Adding Netflix as an app on people's cable boxes will allow the small companies to advertise the Netflix's library of 60,000-plus titles available for viewing on their customers' television sets. Additionally, Netflix could provide the smaller companies a bit more leverage when negotiating carriage fees with content providers. But I think the biggest advantage a small cable company gains from offering Netflix is that it's something their biggest competitors can't provide.
The biggest competitors
A lot of smaller cable companies compete primarily with satellite TV companies. The two largest satellite TV providers in the U.S. are DISH Network and DIRECTV. These two companies are unlikely to offer Netflix through their set-top box because it requires a lot of Internet bandwidth.
DIRECTV is currently the largest pay-TV provider in the world, serving over 20 million U.S. households. When it comes to Internet service, however, it doesn't have a pipe like cable does. Customers are simply given the option of using another company to "bundle" Internet and phone services.
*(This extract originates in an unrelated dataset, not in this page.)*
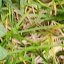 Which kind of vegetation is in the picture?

grass
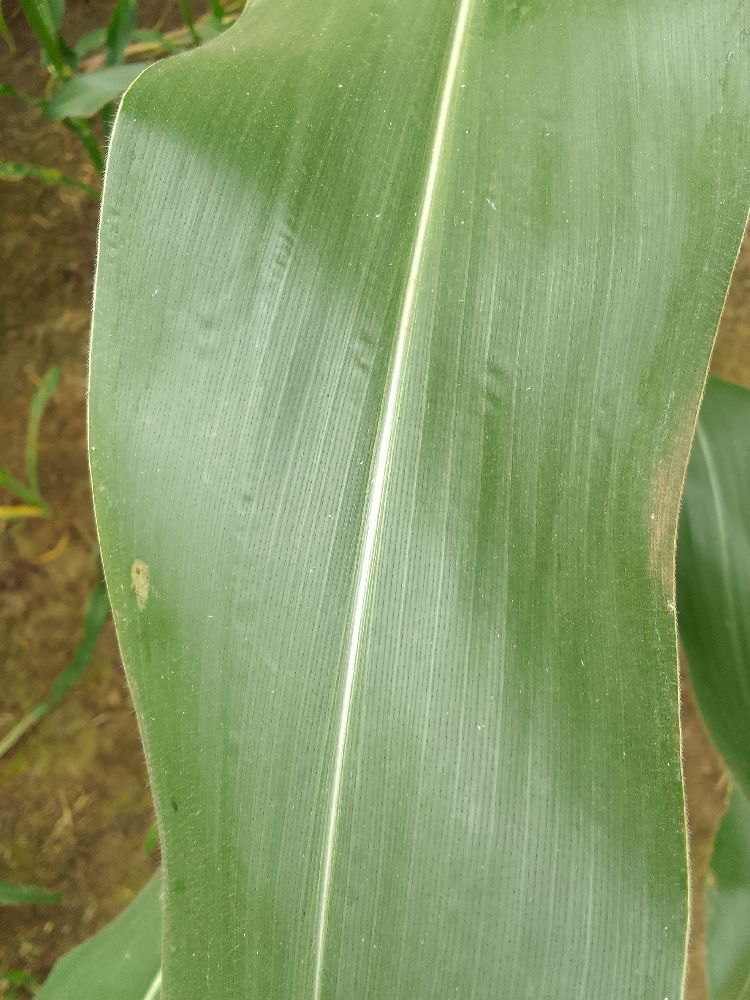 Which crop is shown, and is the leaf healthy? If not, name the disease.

DISH Network offers satellite Internet service, but puts strict bandwidth limits on its users. Speeds are incapable of reaching anything faster than those comparable to 4G smartphones. At its highest tier, users could only stream about 15 hours of video. Considering the average Netflix user streams about 8 hours of video per week, DISH subscribers would run out of data halfway through the month.
Suddenlink and other small cable providers can use this as a selling point. Since they can sell the Internet service necessary to take full advantage of Netflix's integration with the set-top box, cable companies won't mind giving its customers better access to a competing platform. In fact, it may be able to upsell customers on a higher-speed Internet package.
DISH and DIRECTV, on the other hand, have more to lose. Without the Internet business, there's nothing to make up for the potential losses as Netflix lures eyeballs away from their TV service. It wouldn't make sense for either company to partner with Netflix.
Competitor or complement?
For some pay-TV providers, particularly the satellite companies, Netflix is one of their biggest competitors. But for the little guy, Netflix could become a nice complement to its service.
I think Netflix's best shot at getting on the cable set-top box is to go after the smaller cable companies first; they ought to see a greater benefit than a Comcast or Time Warner Cable. These companies will happily market Netflix's service, and could help reduce churn by providing customers with another desirable viewing option.
The battle for your living room rages on!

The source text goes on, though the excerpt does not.